Automount fails on newest update

Ian Bruntlett ian.bruntlett at gmail.com
Fri Sep 8 11:56:33 UTC 2023


Hi Liam,

On Fri, 8 Sept 2023 at 12:37, Liam Proven <lproven at gmail.com> wrote:
> On Fri, 8 Sept 2023 at 02:17, MR ZenWiz <mrzenwiz at gmail.com> wrote:
> > exFAT (the default).
>
> That is the one bit that stands out to me.
>
> If you need it for Linux, then use a Linux format.

PMFJI but this is very important to me...

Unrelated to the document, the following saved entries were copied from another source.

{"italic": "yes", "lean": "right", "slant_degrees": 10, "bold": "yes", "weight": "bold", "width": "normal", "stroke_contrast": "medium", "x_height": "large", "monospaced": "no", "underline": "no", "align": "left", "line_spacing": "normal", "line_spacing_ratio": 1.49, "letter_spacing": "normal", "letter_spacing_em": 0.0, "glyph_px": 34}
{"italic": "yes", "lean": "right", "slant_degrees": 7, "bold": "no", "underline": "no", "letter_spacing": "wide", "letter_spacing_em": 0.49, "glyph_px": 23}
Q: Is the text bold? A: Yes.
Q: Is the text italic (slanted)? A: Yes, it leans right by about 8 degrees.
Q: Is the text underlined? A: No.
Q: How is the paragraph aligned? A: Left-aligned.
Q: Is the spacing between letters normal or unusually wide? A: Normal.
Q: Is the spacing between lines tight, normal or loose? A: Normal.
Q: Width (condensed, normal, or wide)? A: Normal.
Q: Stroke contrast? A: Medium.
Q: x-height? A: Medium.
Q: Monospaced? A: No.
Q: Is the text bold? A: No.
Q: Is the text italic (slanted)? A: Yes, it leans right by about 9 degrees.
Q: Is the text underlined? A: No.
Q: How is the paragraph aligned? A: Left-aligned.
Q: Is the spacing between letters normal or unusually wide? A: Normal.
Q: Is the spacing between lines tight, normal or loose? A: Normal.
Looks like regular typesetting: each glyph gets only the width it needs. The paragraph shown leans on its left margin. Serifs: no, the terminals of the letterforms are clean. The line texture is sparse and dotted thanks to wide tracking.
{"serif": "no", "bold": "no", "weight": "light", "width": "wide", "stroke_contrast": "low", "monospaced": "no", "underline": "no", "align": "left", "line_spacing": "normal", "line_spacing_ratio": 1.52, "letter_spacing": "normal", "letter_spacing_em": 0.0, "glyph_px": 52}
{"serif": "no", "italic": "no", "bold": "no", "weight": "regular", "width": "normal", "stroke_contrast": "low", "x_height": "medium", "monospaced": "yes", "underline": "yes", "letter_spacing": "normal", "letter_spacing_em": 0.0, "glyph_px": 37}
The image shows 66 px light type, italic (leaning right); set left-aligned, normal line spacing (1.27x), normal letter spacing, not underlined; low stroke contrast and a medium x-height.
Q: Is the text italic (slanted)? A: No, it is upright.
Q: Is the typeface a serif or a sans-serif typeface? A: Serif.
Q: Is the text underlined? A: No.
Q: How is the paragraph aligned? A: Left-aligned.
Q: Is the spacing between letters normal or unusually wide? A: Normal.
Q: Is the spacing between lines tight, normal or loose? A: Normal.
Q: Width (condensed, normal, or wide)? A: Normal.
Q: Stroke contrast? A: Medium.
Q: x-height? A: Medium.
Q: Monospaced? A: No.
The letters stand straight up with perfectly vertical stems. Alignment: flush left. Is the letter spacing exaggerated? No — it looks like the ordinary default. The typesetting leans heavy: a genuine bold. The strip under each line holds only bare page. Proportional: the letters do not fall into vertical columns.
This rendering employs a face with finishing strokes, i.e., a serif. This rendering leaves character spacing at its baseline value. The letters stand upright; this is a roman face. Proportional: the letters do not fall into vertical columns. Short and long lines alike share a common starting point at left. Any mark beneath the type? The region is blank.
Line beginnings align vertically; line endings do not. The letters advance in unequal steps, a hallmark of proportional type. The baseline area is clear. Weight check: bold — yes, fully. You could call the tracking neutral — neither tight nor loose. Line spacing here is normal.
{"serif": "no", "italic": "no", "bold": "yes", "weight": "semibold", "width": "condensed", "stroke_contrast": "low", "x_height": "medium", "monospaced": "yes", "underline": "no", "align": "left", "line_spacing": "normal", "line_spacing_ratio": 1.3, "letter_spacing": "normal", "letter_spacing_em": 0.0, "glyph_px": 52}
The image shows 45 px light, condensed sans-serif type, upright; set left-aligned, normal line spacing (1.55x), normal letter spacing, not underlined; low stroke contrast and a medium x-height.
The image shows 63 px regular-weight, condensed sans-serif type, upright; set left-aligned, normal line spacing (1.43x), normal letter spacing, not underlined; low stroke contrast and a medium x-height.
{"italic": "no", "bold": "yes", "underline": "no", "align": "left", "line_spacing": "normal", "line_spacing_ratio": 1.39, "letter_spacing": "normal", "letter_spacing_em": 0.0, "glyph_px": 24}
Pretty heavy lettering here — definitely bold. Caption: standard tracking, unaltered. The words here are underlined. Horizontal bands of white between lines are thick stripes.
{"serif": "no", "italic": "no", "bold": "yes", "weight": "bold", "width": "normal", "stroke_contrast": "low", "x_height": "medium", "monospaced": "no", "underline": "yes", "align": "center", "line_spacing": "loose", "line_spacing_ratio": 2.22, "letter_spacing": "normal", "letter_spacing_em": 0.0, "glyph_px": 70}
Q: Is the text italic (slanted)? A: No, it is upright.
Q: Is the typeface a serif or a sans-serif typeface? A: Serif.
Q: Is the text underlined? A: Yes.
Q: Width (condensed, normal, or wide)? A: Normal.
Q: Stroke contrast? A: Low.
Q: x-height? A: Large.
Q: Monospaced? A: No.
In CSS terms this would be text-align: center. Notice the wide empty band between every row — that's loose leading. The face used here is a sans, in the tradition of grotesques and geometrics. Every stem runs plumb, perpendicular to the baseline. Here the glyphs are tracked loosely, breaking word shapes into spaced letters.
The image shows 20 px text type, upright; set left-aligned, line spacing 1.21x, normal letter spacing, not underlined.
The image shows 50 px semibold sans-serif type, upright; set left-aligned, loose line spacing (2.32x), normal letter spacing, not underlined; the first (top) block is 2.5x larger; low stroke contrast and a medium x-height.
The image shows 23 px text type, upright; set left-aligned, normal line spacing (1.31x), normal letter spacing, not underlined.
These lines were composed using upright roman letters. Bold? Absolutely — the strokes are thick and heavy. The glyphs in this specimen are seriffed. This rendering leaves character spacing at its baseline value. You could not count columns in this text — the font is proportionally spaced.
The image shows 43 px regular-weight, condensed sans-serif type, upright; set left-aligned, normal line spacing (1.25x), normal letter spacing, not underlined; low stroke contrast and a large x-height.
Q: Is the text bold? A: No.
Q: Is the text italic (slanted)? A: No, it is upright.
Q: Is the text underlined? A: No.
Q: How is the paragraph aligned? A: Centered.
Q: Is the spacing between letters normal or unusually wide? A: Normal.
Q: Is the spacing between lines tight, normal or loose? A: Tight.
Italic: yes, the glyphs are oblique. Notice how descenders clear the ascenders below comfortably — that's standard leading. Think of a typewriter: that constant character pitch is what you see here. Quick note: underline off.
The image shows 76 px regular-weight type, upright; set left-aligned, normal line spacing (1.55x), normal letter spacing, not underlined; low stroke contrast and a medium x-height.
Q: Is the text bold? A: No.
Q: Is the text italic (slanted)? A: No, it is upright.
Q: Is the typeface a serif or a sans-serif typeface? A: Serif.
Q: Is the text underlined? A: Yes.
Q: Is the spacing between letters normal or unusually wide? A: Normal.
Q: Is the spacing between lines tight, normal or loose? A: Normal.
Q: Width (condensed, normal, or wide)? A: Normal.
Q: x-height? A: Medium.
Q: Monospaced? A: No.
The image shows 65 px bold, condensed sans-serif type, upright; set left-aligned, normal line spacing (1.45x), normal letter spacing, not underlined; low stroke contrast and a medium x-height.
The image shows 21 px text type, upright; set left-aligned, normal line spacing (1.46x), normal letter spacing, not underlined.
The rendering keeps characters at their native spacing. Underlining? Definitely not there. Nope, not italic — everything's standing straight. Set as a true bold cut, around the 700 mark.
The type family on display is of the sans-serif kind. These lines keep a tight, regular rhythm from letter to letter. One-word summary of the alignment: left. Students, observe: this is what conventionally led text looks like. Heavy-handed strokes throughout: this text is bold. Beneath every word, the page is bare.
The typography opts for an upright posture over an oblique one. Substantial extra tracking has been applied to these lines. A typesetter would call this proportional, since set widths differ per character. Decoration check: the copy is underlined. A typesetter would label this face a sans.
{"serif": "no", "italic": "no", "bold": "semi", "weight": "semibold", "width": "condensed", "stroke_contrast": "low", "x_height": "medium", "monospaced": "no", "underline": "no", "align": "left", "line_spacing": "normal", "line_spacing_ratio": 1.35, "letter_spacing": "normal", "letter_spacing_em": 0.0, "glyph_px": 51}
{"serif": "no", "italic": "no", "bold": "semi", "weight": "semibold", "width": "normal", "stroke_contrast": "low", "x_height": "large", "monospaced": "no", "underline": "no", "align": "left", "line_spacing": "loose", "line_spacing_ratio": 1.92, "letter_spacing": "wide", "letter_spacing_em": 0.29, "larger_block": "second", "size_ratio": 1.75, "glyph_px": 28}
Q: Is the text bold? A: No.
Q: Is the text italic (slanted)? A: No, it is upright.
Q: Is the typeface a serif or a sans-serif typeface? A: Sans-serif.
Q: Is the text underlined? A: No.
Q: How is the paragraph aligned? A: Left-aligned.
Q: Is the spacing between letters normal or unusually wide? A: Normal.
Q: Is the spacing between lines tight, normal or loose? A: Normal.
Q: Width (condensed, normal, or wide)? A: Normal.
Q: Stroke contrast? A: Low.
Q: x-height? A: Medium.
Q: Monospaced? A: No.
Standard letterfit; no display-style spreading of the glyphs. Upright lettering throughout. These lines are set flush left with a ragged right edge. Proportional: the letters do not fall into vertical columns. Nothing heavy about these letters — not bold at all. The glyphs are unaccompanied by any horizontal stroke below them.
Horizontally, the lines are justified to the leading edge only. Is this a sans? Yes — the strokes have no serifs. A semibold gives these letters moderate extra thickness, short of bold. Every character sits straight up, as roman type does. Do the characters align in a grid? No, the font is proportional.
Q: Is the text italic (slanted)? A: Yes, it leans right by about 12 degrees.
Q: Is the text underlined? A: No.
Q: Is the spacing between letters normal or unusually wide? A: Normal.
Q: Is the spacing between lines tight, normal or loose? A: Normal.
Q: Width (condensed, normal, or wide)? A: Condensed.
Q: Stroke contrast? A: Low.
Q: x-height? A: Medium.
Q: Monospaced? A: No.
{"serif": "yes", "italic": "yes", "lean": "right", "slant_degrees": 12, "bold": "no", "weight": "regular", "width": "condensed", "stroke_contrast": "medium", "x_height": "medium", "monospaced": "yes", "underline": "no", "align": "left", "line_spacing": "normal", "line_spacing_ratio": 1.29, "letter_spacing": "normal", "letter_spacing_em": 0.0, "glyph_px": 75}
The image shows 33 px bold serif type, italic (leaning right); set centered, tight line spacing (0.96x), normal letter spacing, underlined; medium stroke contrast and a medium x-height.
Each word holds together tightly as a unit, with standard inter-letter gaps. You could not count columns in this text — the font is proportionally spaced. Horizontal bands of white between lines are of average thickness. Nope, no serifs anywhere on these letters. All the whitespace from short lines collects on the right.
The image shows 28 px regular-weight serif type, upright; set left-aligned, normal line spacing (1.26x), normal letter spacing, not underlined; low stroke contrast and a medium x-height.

I've been experimenting with Linux and copying files from different
Linux systems and users and writing up my findings (2.5 pages so far).
I do backups to USB devices, formatted to the ext4 filesystem (because
some files - .tar.gz and .iso are bigger than 4GB).

That works.. to an extent. Things can get tricky really quickly
especially regarding user ids and file.directory permissions.

I believe that in this case that exfat is most suited as  I believe it
doesn't store user and group information. Experiments so far - with
different users and UIDs - and checking integrity of files with
sha256sum - have backed this up (pun not intended).

If you have the right package installed (exfatprogs on Ubuntu, I
believe), even GNOME Disks will let you format an exfat drive.

Is there something else I should know about exfat on Linux?